*WORK TASK*.
From first line to last, give the records again word for word and omit the pictures.

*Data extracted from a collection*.
_ _ _ _ _
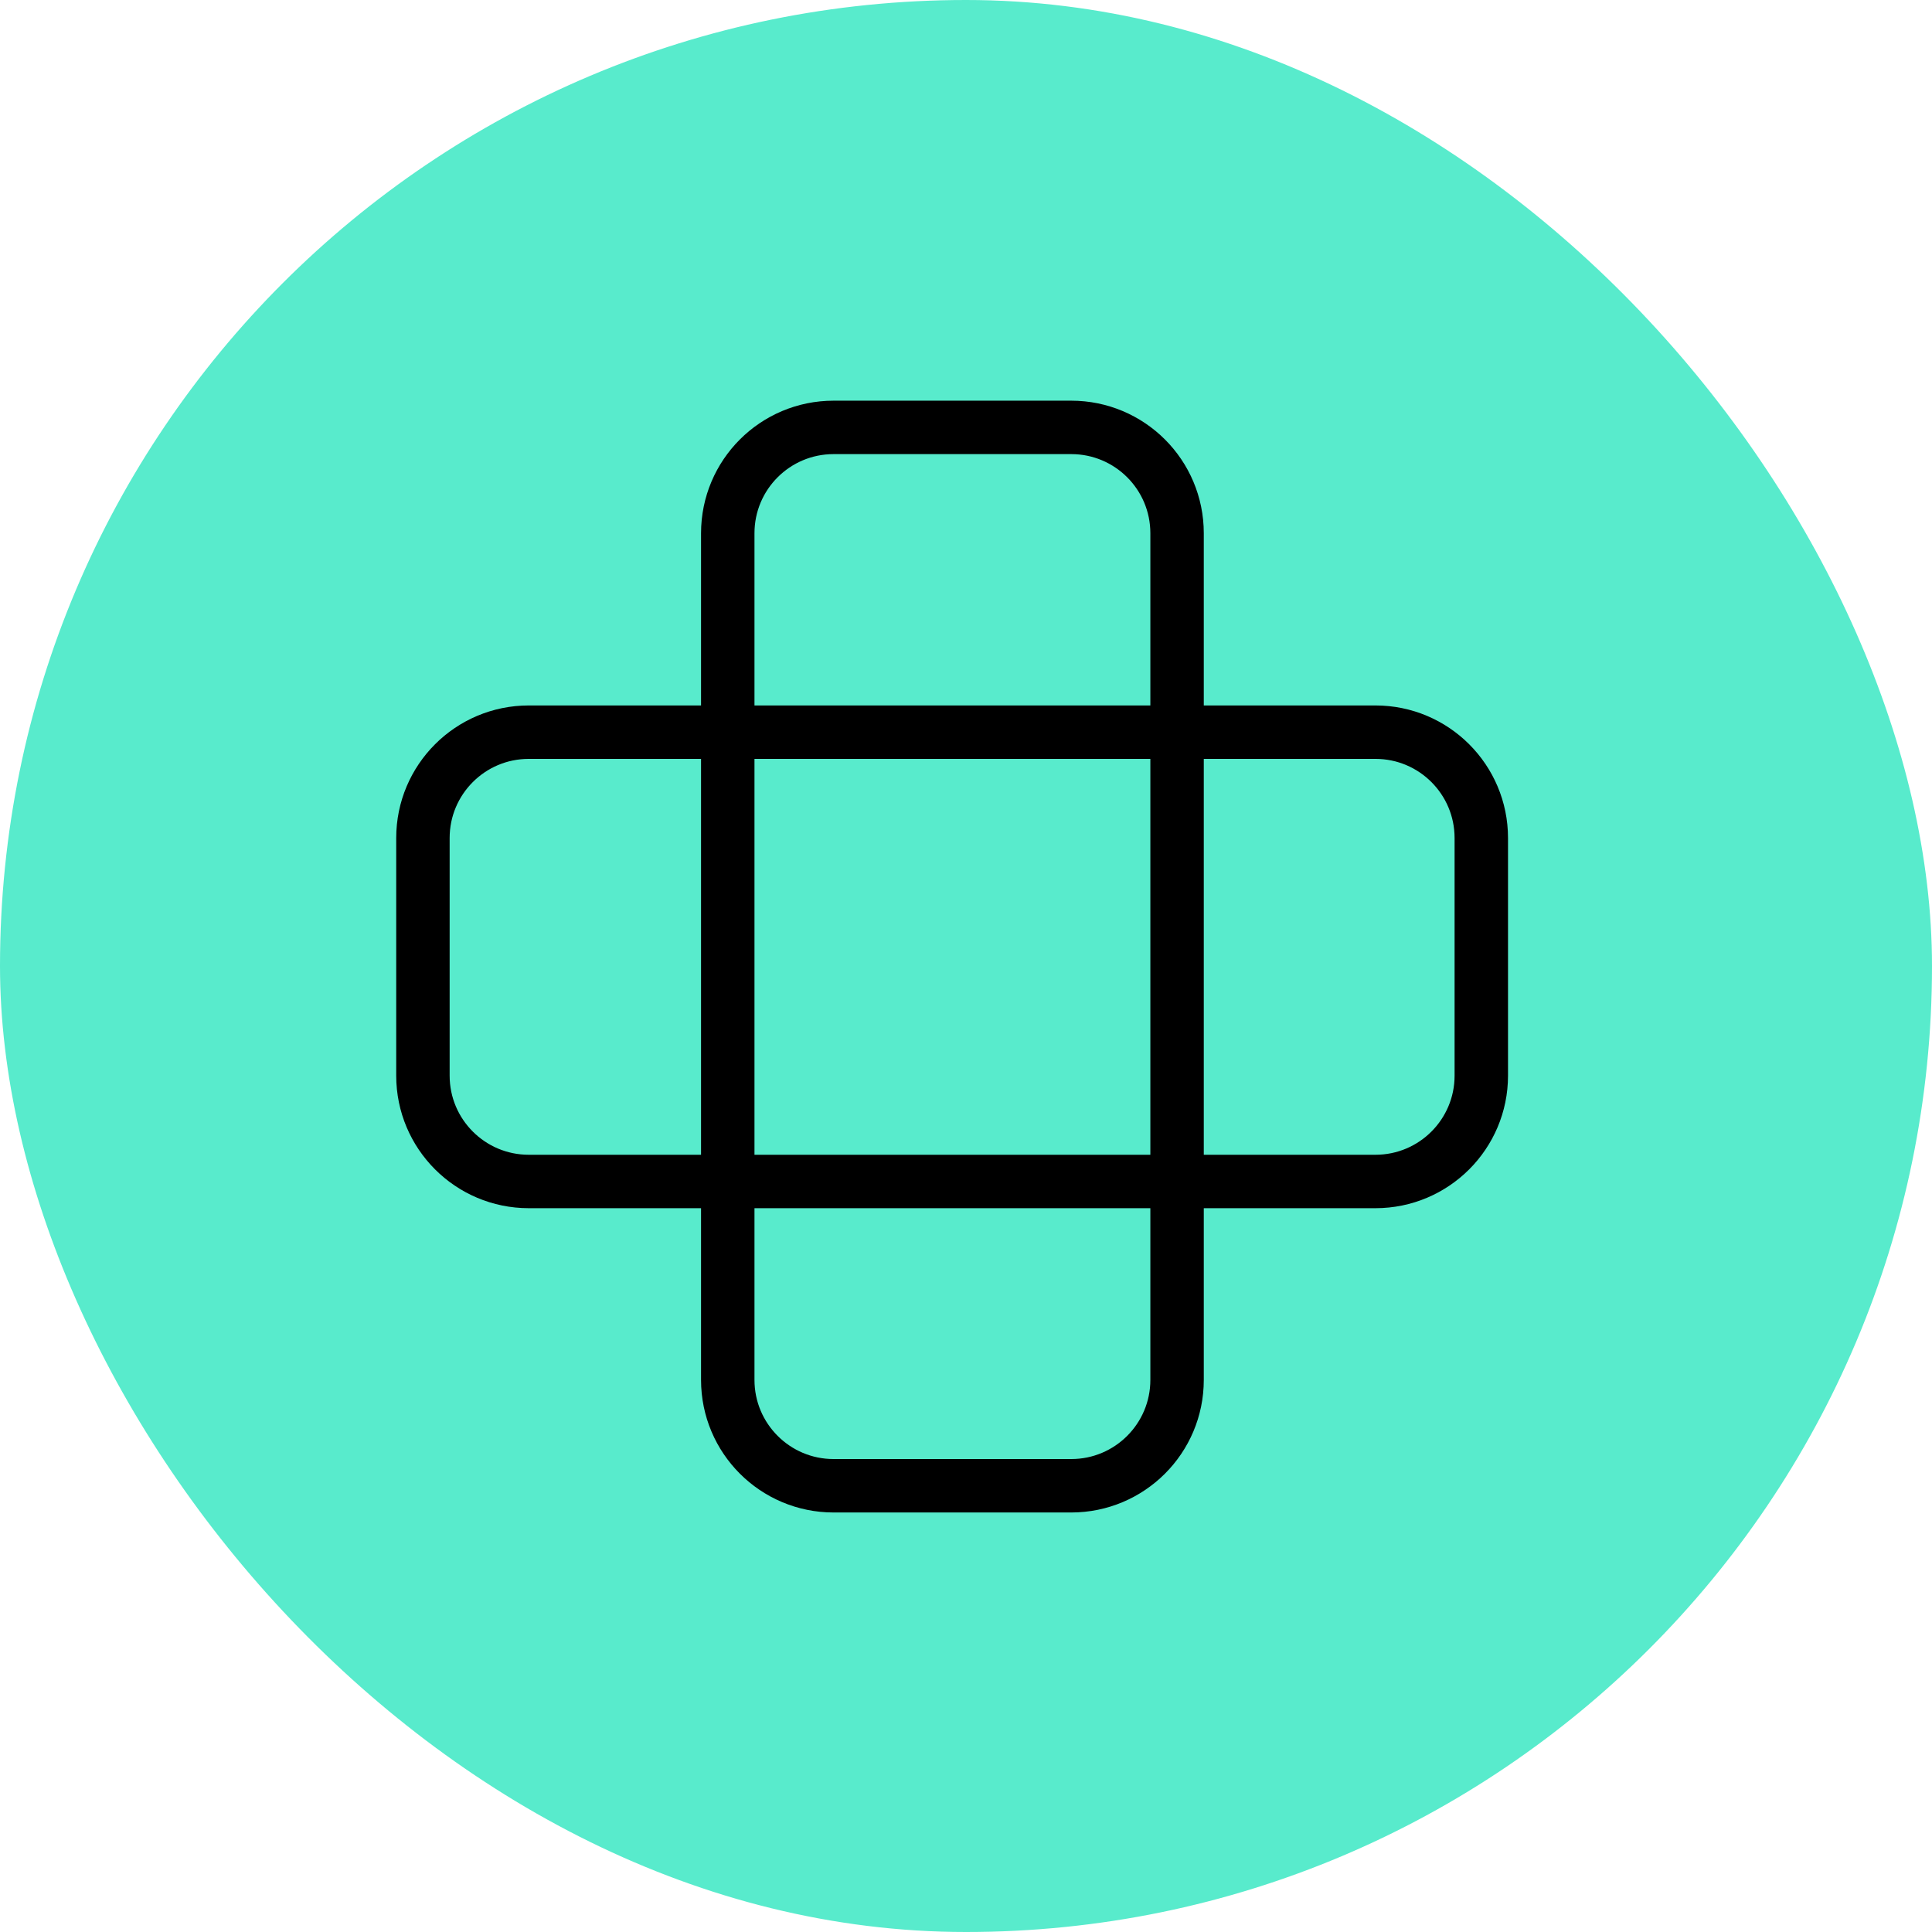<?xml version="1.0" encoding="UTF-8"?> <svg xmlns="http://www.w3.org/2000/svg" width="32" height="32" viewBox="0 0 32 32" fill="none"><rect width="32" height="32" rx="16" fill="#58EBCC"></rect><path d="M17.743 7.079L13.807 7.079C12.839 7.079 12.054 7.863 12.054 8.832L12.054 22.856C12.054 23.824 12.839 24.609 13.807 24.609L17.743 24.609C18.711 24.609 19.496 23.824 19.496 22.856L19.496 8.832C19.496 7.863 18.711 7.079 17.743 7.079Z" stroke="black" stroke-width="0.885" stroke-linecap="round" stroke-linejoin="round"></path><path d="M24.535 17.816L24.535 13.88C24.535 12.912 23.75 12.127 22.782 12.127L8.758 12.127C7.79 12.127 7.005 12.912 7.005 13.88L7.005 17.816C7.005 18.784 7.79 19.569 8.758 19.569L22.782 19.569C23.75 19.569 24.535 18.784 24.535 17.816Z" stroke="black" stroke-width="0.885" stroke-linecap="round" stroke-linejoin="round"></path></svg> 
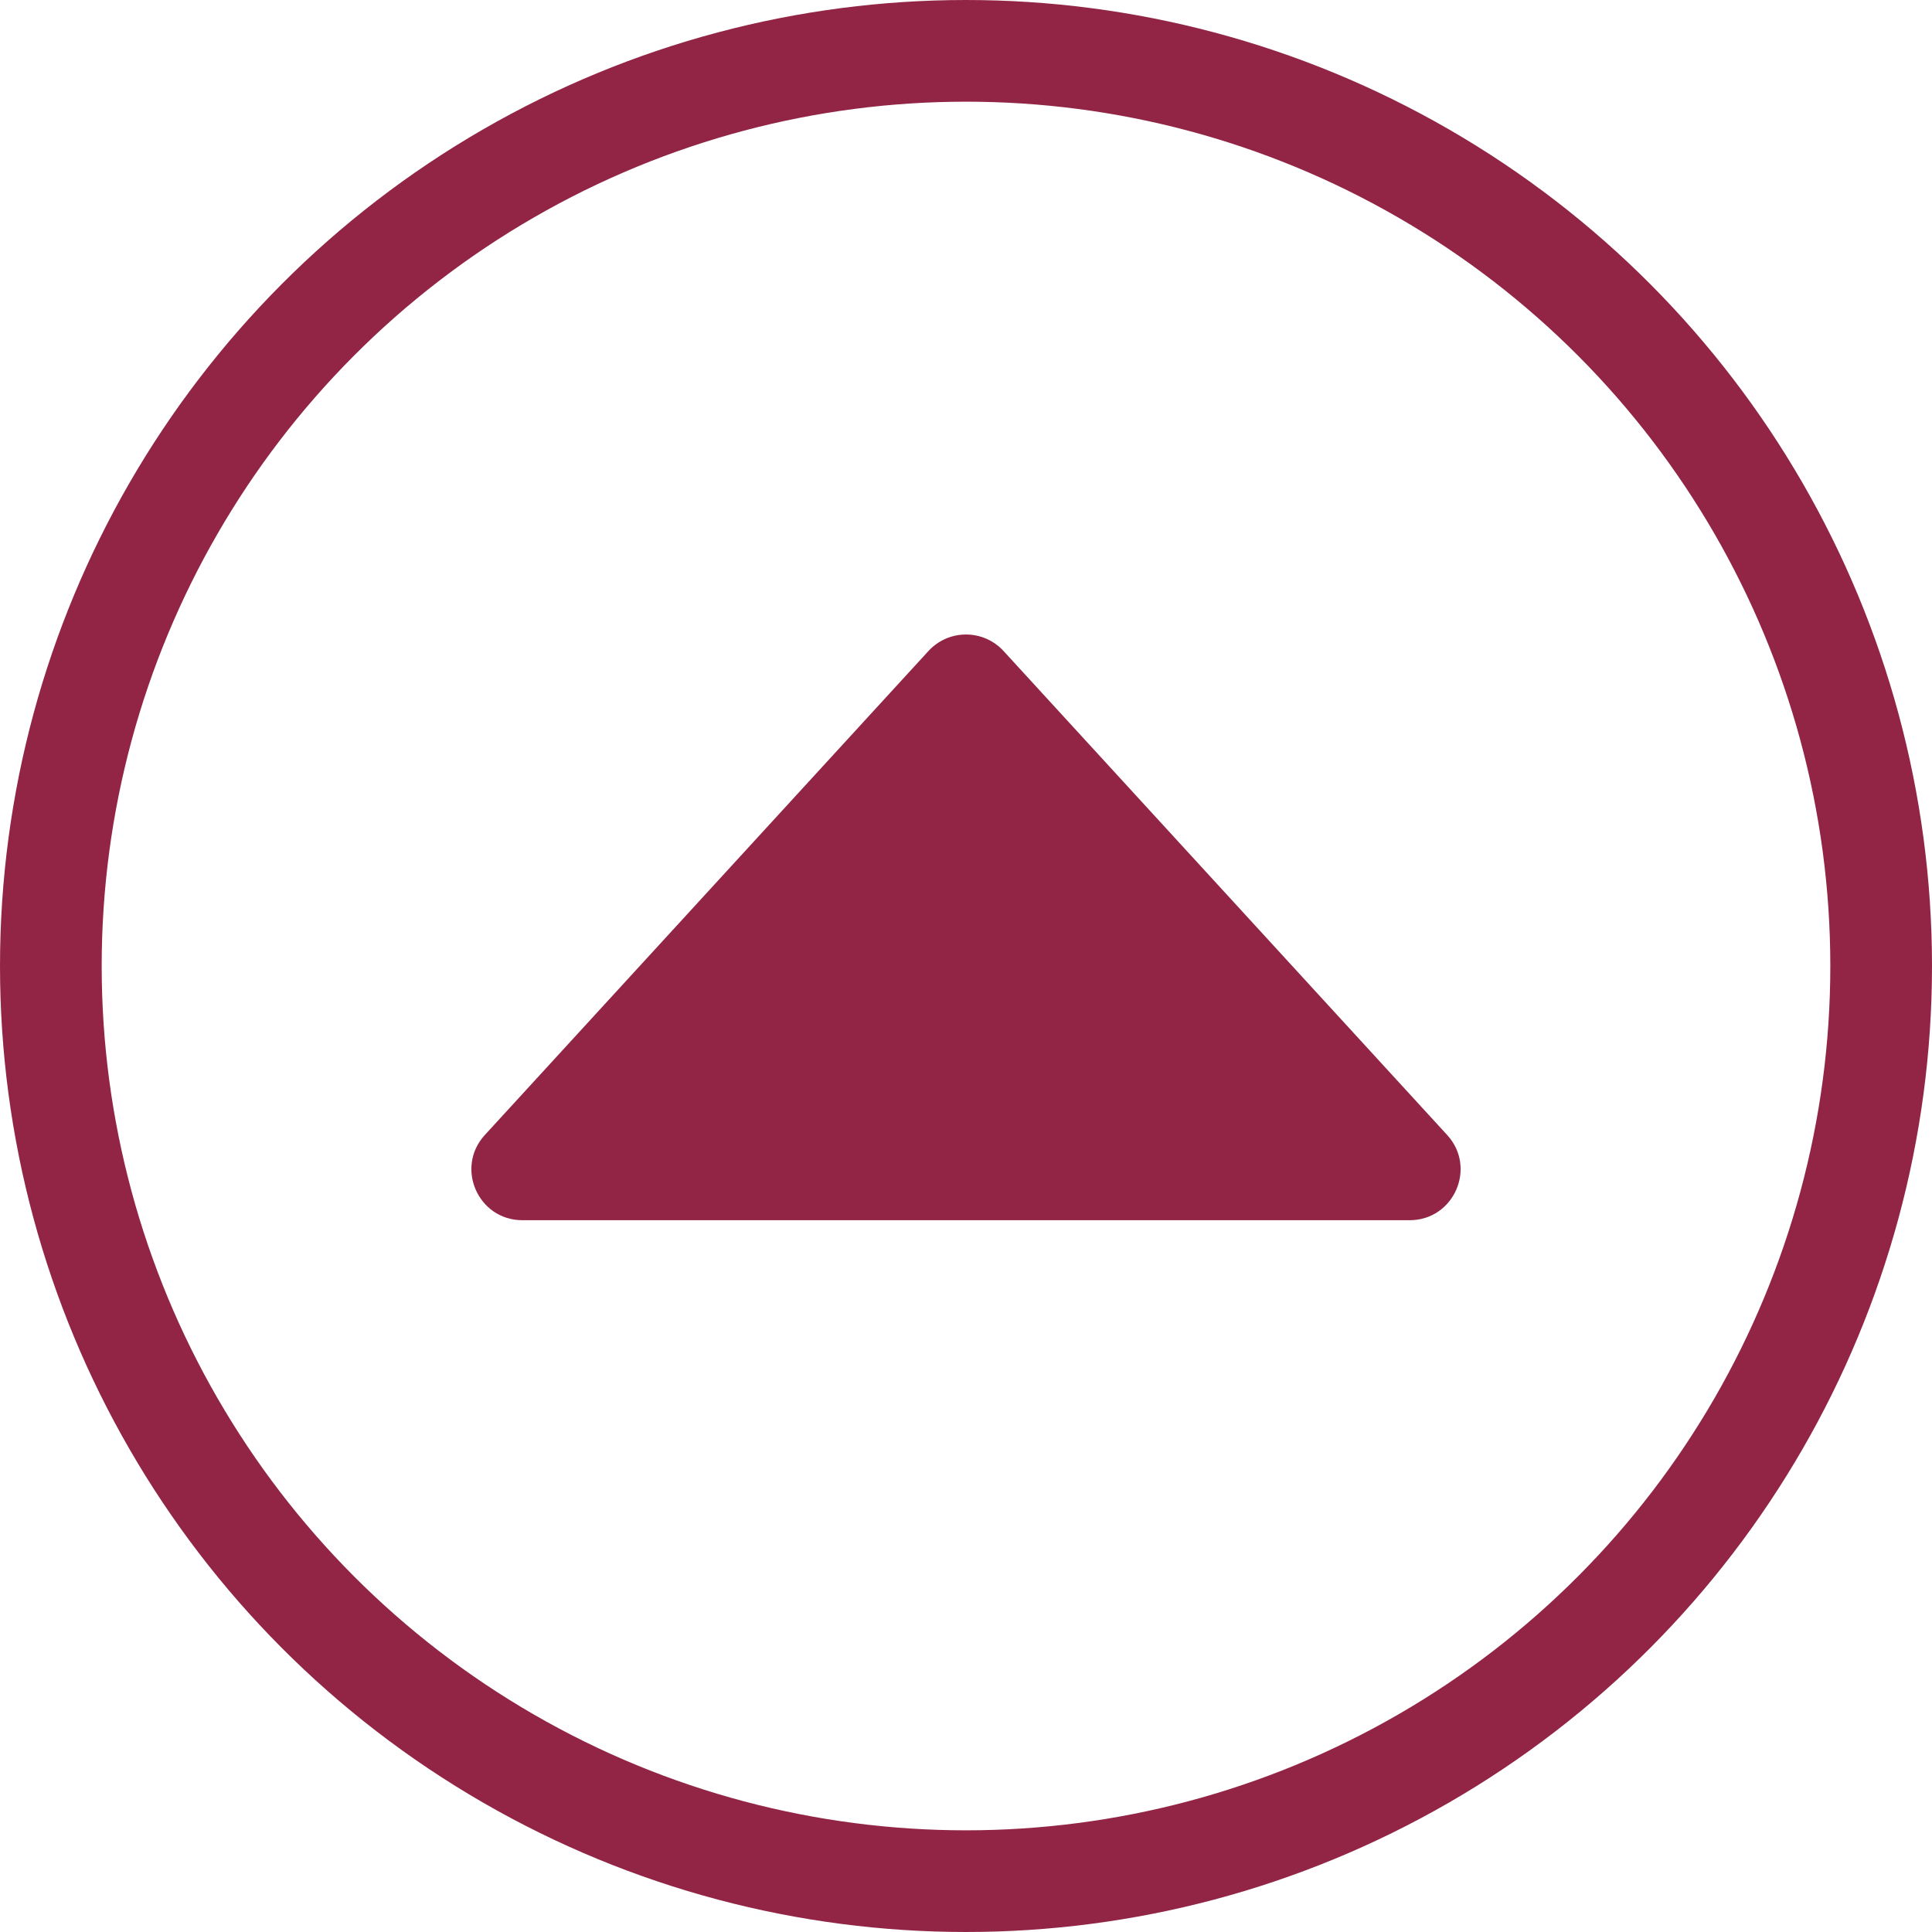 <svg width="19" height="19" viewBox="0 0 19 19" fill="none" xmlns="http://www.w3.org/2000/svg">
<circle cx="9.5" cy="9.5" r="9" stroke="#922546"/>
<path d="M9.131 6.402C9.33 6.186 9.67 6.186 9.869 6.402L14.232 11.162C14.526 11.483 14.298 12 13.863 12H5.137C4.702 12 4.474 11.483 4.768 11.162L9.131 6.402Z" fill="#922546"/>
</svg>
_ _ _ _ _
*OUTPUT FOR THIS TASK*.
<?xml version="1.0" encoding="UTF-8"?> <svg xmlns="http://www.w3.org/2000/svg" width="32" height="32" viewBox="0 0 32 32" fill="none"><rect width="32" height="32" rx="16" fill="#58EBCC"></rect><path d="M17.743 7.079L13.807 7.079C12.839 7.079 12.054 7.863 12.054 8.832L12.054 22.856C12.054 23.824 12.839 24.609 13.807 24.609L17.743 24.609C18.711 24.609 19.496 23.824 19.496 22.856L19.496 8.832C19.496 7.863 18.711 7.079 17.743 7.079Z" stroke="black" stroke-width="0.885" stroke-linecap="round" stroke-linejoin="round"></path><path d="M24.535 17.816L24.535 13.88C24.535 12.912 23.75 12.127 22.782 12.127L8.758 12.127C7.79 12.127 7.005 12.912 7.005 13.88L7.005 17.816C7.005 18.784 7.79 19.569 8.758 19.569L22.782 19.569C23.75 19.569 24.535 18.784 24.535 17.816Z" stroke="black" stroke-width="0.885" stroke-linecap="round" stroke-linejoin="round"></path></svg> 
 <svg width="19" height="19" viewBox="0 0 19 19" fill="none" xmlns="http://www.w3.org/2000/svg">
<circle cx="9.5" cy="9.5" r="9" stroke="#922546"/>
<path d="M9.131 6.402C9.33 6.186 9.67 6.186 9.869 6.402L14.232 11.162C14.526 11.483 14.298 12 13.863 12H5.137C4.702 12 4.474 11.483 4.768 11.162L9.131 6.402Z" fill="#922546"/>
</svg>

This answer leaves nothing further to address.